PROBLEM DETAILS. The records below need to be printed in full. Keep each one exact.
-------
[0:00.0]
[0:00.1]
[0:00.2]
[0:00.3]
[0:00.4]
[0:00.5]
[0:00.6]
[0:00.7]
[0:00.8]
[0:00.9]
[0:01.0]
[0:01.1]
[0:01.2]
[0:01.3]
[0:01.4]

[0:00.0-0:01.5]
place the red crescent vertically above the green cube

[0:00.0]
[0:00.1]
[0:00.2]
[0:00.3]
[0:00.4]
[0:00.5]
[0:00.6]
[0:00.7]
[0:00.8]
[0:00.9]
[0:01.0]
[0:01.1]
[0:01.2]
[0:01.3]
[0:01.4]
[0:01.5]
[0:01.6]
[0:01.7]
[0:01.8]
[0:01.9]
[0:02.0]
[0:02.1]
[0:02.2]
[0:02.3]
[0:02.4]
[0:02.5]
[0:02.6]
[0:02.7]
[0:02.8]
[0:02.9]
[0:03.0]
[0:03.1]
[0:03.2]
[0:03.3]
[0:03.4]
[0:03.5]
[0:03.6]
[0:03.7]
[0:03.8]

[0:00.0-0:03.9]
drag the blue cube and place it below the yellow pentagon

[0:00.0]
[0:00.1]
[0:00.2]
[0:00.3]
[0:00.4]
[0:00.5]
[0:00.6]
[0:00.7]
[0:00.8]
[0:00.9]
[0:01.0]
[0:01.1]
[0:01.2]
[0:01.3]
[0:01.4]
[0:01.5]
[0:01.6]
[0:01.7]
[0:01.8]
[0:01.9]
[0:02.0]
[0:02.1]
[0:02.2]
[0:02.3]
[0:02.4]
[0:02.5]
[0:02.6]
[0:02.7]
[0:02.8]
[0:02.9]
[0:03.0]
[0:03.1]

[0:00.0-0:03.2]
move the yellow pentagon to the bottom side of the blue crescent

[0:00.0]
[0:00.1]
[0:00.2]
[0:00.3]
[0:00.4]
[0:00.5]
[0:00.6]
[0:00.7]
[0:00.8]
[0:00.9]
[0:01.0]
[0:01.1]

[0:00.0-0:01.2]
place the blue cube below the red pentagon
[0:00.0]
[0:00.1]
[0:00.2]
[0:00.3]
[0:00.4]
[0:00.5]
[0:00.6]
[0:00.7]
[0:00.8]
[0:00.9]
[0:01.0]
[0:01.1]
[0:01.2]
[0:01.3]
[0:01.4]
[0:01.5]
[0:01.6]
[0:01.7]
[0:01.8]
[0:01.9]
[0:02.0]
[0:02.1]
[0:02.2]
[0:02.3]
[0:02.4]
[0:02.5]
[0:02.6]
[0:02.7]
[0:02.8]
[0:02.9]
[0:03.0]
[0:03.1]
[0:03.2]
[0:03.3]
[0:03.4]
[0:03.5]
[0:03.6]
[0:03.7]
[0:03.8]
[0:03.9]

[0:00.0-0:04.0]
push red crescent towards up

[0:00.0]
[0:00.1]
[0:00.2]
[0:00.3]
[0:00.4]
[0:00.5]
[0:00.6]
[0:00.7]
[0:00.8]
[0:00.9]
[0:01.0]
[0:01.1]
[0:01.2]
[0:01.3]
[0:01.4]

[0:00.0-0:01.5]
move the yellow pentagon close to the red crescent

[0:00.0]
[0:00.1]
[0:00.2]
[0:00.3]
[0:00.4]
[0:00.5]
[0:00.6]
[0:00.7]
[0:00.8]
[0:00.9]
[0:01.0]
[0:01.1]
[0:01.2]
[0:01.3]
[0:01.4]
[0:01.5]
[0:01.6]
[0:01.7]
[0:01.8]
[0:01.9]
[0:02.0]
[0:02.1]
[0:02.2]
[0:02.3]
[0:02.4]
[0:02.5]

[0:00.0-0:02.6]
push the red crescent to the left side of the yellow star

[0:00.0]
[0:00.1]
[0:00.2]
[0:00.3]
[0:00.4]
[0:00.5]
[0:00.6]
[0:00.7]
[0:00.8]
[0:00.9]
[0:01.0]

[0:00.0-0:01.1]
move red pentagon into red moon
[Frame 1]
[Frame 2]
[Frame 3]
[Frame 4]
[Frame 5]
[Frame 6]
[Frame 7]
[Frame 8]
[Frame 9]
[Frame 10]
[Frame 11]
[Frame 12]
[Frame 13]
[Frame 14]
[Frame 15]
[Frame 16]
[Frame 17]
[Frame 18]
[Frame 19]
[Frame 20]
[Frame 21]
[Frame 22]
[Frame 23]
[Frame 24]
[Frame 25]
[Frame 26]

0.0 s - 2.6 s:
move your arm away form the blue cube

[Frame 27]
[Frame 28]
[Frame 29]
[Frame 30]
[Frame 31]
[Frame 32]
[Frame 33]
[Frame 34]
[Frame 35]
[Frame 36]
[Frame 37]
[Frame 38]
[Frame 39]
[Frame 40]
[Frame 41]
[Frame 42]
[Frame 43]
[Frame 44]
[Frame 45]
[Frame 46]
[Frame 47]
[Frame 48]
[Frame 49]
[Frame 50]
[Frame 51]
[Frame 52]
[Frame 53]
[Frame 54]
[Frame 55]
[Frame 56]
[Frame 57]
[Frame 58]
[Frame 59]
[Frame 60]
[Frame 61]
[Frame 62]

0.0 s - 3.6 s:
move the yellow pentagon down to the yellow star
-------
RESPONSE AREA.
[0:00.0]
[0:00.1]
[0:00.2]
[0:00.3]
[0:00.4]
[0:00.5]
[0:00.6]
[0:00.7]
[0:00.8]
[0:00.9]
[0:01.0]
[0:01.1]
[0:01.2]
[0:01.3]
[0:01.4]

[0:00.0-0:01.5]
place the red crescent vertically above the green cube

[0:00.0]
[0:00.1]
[0:00.2]
[0:00.3]
[0:00.4]
[0:00.5]
[0:00.6]
[0:00.7]
[0:00.8]
[0:00.9]
[0:01.0]
[0:01.1]
[0:01.2]
[0:01.3]
[0:01.4]
[0:01.5]
[0:01.6]
[0:01.7]
[0:01.8]
[0:01.9]
[0:02.0]
[0:02.1]
[0:02.2]
[0:02.3]
[0:02.4]
[0:02.5]
[0:02.6]
[0:02.7]
[0:02.8]
[0:02.9]
[0:03.0]
[0:03.1]
[0:03.2]
[0:03.3]
[0:03.4]
[0:03.5]
[0:03.6]
[0:03.7]
[0:03.8]

[0:00.0-0:03.9]
drag the blue cube and place it below the yellow pentagon

[0:00.0]
[0:00.1]
[0:00.2]
[0:00.3]
[0:00.4]
[0:00.5]
[0:00.6]
[0:00.7]
[0:00.8]
[0:00.9]
[0:01.0]
[0:01.1]
[0:01.2]
[0:01.3]
[0:01.4]
[0:01.5]
[0:01.6]
[0:01.7]
[0:01.8]
[0:01.9]
[0:02.0]
[0:02.1]
[0:02.2]
[0:02.3]
[0:02.4]
[0:02.5]
[0:02.6]
[0:02.7]
[0:02.8]
[0:02.9]
[0:03.0]
[0:03.1]

[0:00.0-0:03.2]
move the yellow pentagon to the bottom side of the blue crescent

[0:00.0]
[0:00.1]
[0:00.2]
[0:00.3]
[0:00.4]
[0:00.5]
[0:00.6]
[0:00.7]
[0:00.8]
[0:00.9]
[0:01.0]
[0:01.1]

[0:00.0-0:01.2]
place the blue cube below the red pentagon
[0:00.0]
[0:00.1]
[0:00.2]
[0:00.3]
[0:00.4]
[0:00.5]
[0:00.6]
[0:00.7]
[0:00.8]
[0:00.9]
[0:01.0]
[0:01.1]
[0:01.2]
[0:01.3]
[0:01.4]
[0:01.5]
[0:01.6]
[0:01.7]
[0:01.8]
[0:01.9]
[0:02.0]
[0:02.1]
[0:02.2]
[0:02.3]
[0:02.4]
[0:02.5]
[0:02.6]
[0:02.7]
[0:02.8]
[0:02.9]
[0:03.0]
[0:03.1]
[0:03.2]
[0:03.3]
[0:03.4]
[0:03.5]
[0:03.6]
[0:03.7]
[0:03.8]
[0:03.9]

[0:00.0-0:04.0]
push red crescent towards up

[0:00.0]
[0:00.1]
[0:00.2]
[0:00.3]
[0:00.4]
[0:00.5]
[0:00.6]
[0:00.7]
[0:00.8]
[0:00.9]
[0:01.0]
[0:01.1]
[0:01.2]
[0:01.3]
[0:01.4]

[0:00.0-0:01.5]
move the yellow pentagon close to the red crescent

[0:00.0]
[0:00.1]
[0:00.2]
[0:00.3]
[0:00.4]
[0:00.5]
[0:00.6]
[0:00.7]
[0:00.8]
[0:00.9]
[0:01.0]
[0:01.1]
[0:01.2]
[0:01.3]
[0:01.4]
[0:01.5]
[0:01.6]
[0:01.7]
[0:01.8]
[0:01.9]
[0:02.0]
[0:02.1]
[0:02.2]
[0:02.3]
[0:02.4]
[0:02.5]

[0:00.0-0:02.6]
push the red crescent to the left side of the yellow star

[0:00.0]
[0:00.1]
[0:00.2]
[0:00.3]
[0:00.4]
[0:00.5]
[0:00.6]
[0:00.7]
[0:00.8]
[0:00.9]
[0:01.0]

[0:00.0-0:01.1]
move red pentagon into red moon
[Frame 1]
[Frame 2]
[Frame 3]
[Frame 4]
[Frame 5]
[Frame 6]
[Frame 7]
[Frame 8]
[Frame 9]
[Frame 10]
[Frame 11]
[Frame 12]
[Frame 13]
[Frame 14]
[Frame 15]
[Frame 16]
[Frame 17]
[Frame 18]
[Frame 19]
[Frame 20]
[Frame 21]
[Frame 22]
[Frame 23]
[Frame 24]
[Frame 25]
[Frame 26]

0.0 s - 2.6 s:
move your arm away form the blue cube

[Frame 27]
[Frame 28]
[Frame 29]
[Frame 30]
[Frame 31]
[Frame 32]
[Frame 33]
[Frame 34]
[Frame 35]
[Frame 36]
[Frame 37]
[Frame 38]
[Frame 39]
[Frame 40]
[Frame 41]
[Frame 42]
[Frame 43]
[Frame 44]
[Frame 45]
[Frame 46]
[Frame 47]
[Frame 48]
[Frame 49]
[Frame 50]
[Frame 51]
[Frame 52]
[Frame 53]
[Frame 54]
[Frame 55]
[Frame 56]
[Frame 57]
[Frame 58]
[Frame 59]
[Frame 60]
[Frame 61]
[Frame 62]

0.0 s - 3.6 s:
move the yellow pentagon down to the yellow star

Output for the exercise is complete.